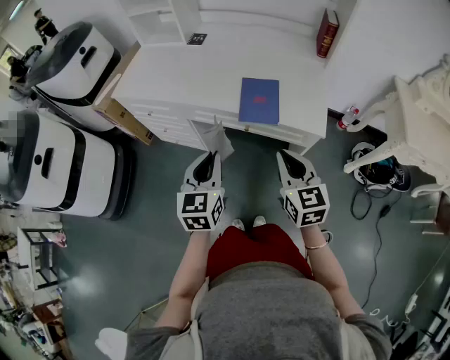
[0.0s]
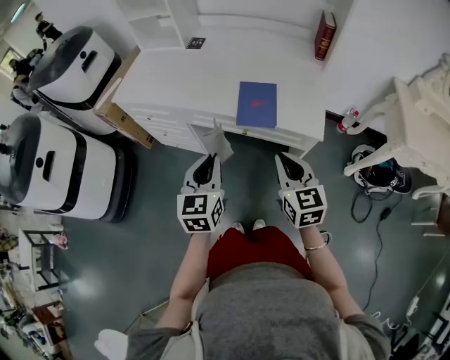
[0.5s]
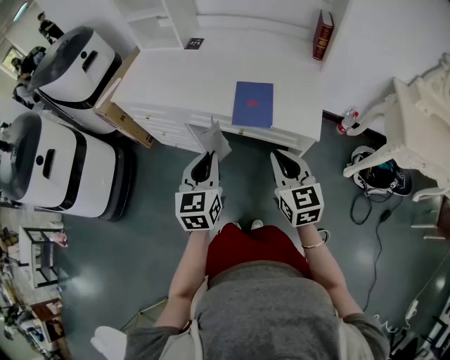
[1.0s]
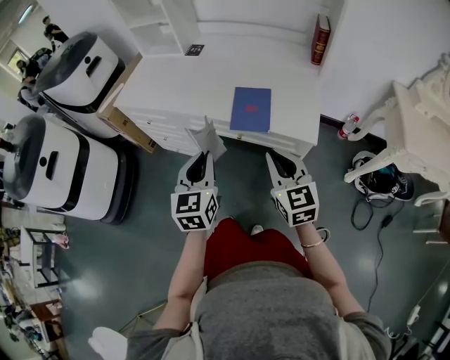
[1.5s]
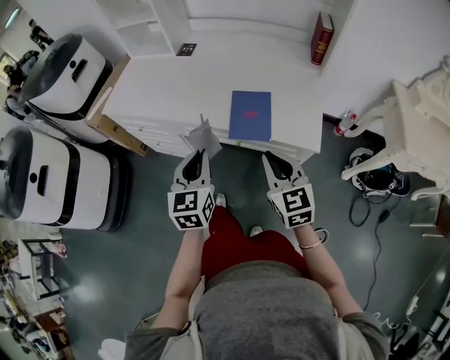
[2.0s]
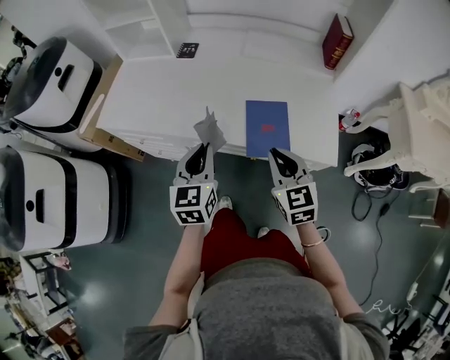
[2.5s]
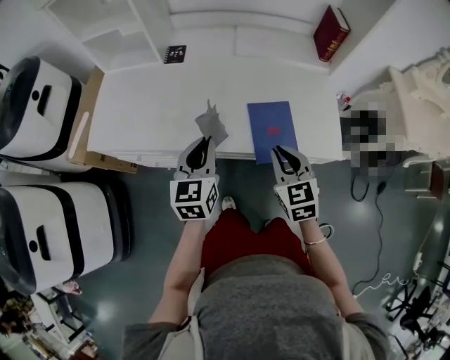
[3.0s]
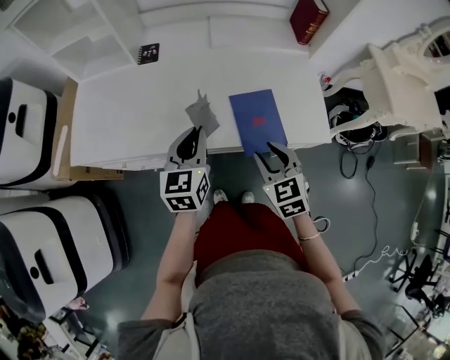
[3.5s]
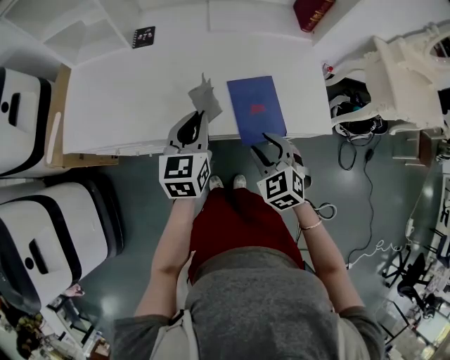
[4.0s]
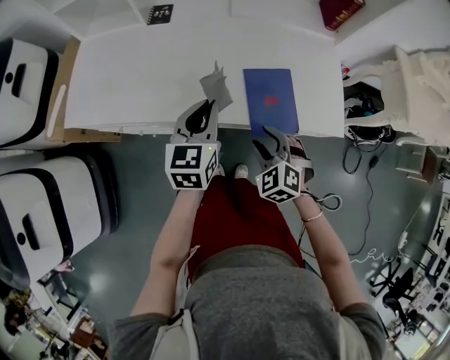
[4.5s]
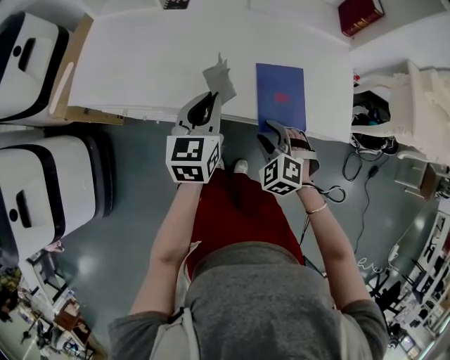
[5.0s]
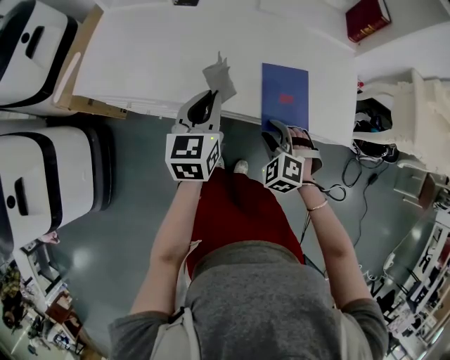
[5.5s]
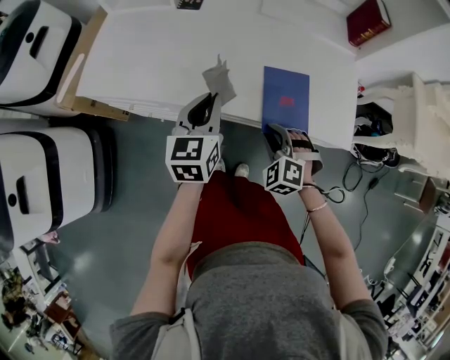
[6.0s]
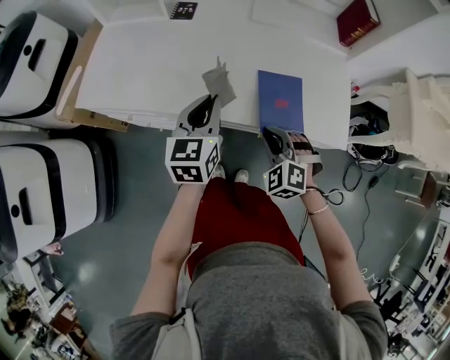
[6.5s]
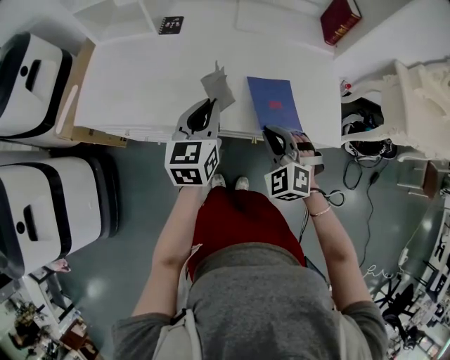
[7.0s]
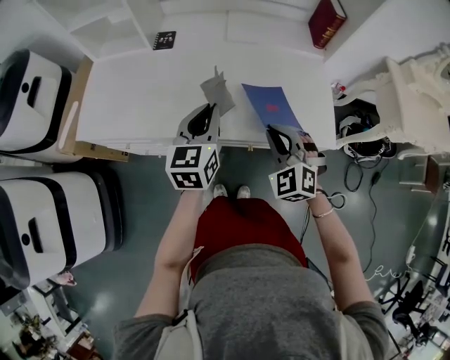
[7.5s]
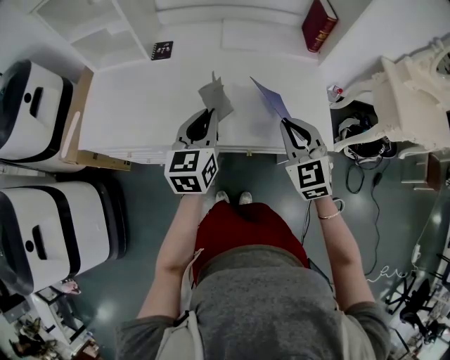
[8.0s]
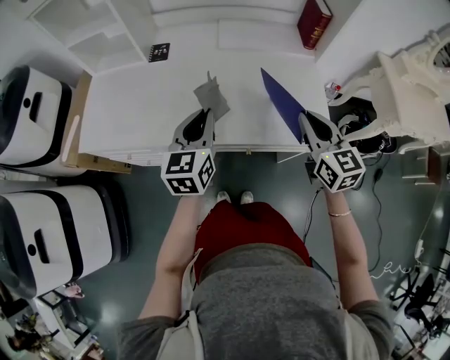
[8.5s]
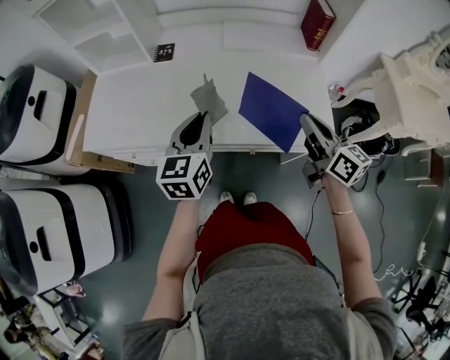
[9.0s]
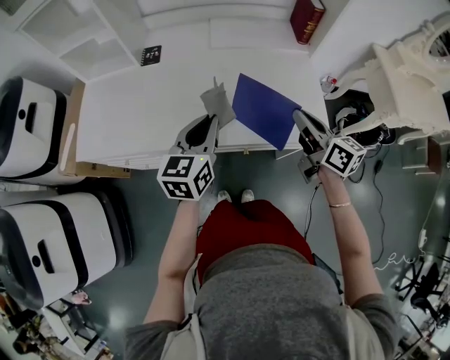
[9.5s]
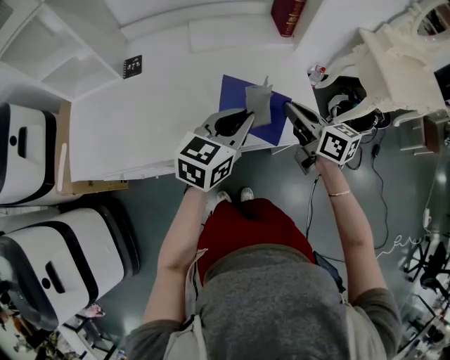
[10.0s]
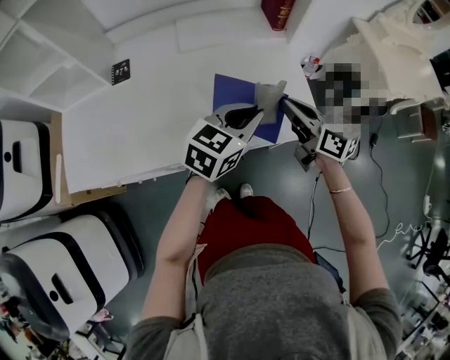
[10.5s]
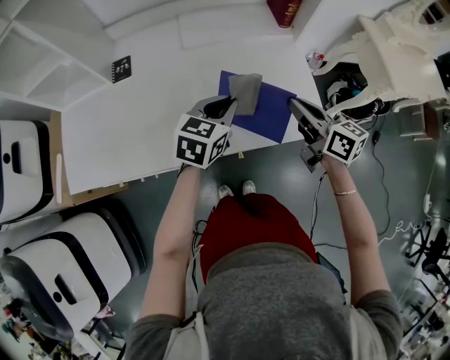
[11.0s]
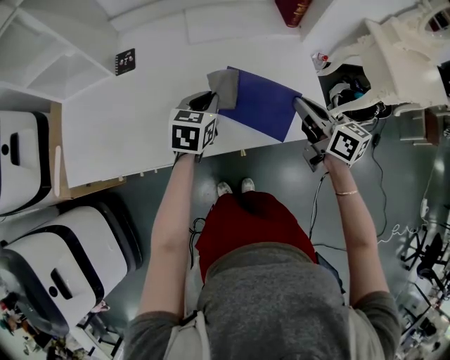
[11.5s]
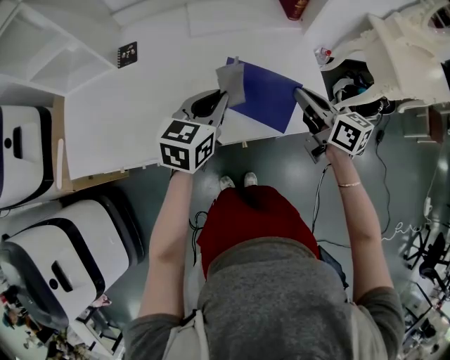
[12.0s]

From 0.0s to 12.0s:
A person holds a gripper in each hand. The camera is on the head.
From 0.0s to 2.0s: Both grippers move forward, approximately 5 cm.
From 2.0s to 4.0s: The left gripper shifts some 20 cm forward, and swivels approximately 20 degrees, while the right gripper travels forward, downward and to the left by roughly 15 cm, rotates approximately 30 degrees, and opens its fingers.
From 4.0s to 6.0s: The right gripper goes roughly 5 cm downward, and changes its angle by approximately 30 degrees.
From 6.0s to 8.0s: The left gripper is displaced upward and to the right by about 10 cm. The right gripper heads upward and to the right, covering approximately 20 cm, and turns by some 40 degrees.
From 8.0s to 10.0s: The left gripper moves to the right, approximately 15 cm, and rotates roughly 40 degrees. The right gripper travels to the right by roughly 10 cm, and twists some 60 degrees clockwise, seen from behind.
From 10.0s to 12.0s: The left gripper goes roughly 10 cm to the left and forward.

◇ ◇ ◇ ◇ ◇

> [What you have to do]: All of the entries, apart from the pictures, must be returned exactly.

> [Exercise output]:
[0.0s]
[0.5s]
[1.0s]
[1.5s]
[2.0s]
[2.5s]
[3.0s]
[3.5s]
[4.0s]
[4.5s]
[5.0s]
[5.5s]
[6.0s]
[6.5s]
[7.0s]
[7.5s]
[8.0s]
[8.5s]
[9.0s]
[9.5s]
[10.0s]
[10.5s]
[11.0s]
[11.5s]
[12.0s]

From 0.0s to 12.0s:
A person holds a gripper in each hand. The camera is on the head.
From 0.0s to 2.0s: Both grippers move forward, approximately 5 cm.
From 2.0s to 4.0s: The left gripper shifts some 20 cm forward, and swivels approximately 20 degrees, while the right gripper travels forward, downward and to the left by roughly 15 cm, rotates approximately 30 degrees, and opens its fingers.
From 4.0s to 6.0s: The right gripper goes roughly 5 cm downward, and changes its angle by approximately 30 degrees.
From 6.0s to 8.0s: The left gripper is displaced upward and to the right by about 10 cm. The right gripper heads upward and to the right, covering approximately 20 cm, and turns by some 40 degrees.
From 8.0s to 10.0s: The left gripper moves to the right, approximately 15 cm, and rotates roughly 40 degrees. The right gripper travels to the right by roughly 10 cm, and twists some 60 degrees clockwise, seen from behind.
From 10.0s to 12.0s: The left gripper goes roughly 10 cm to the left and forward.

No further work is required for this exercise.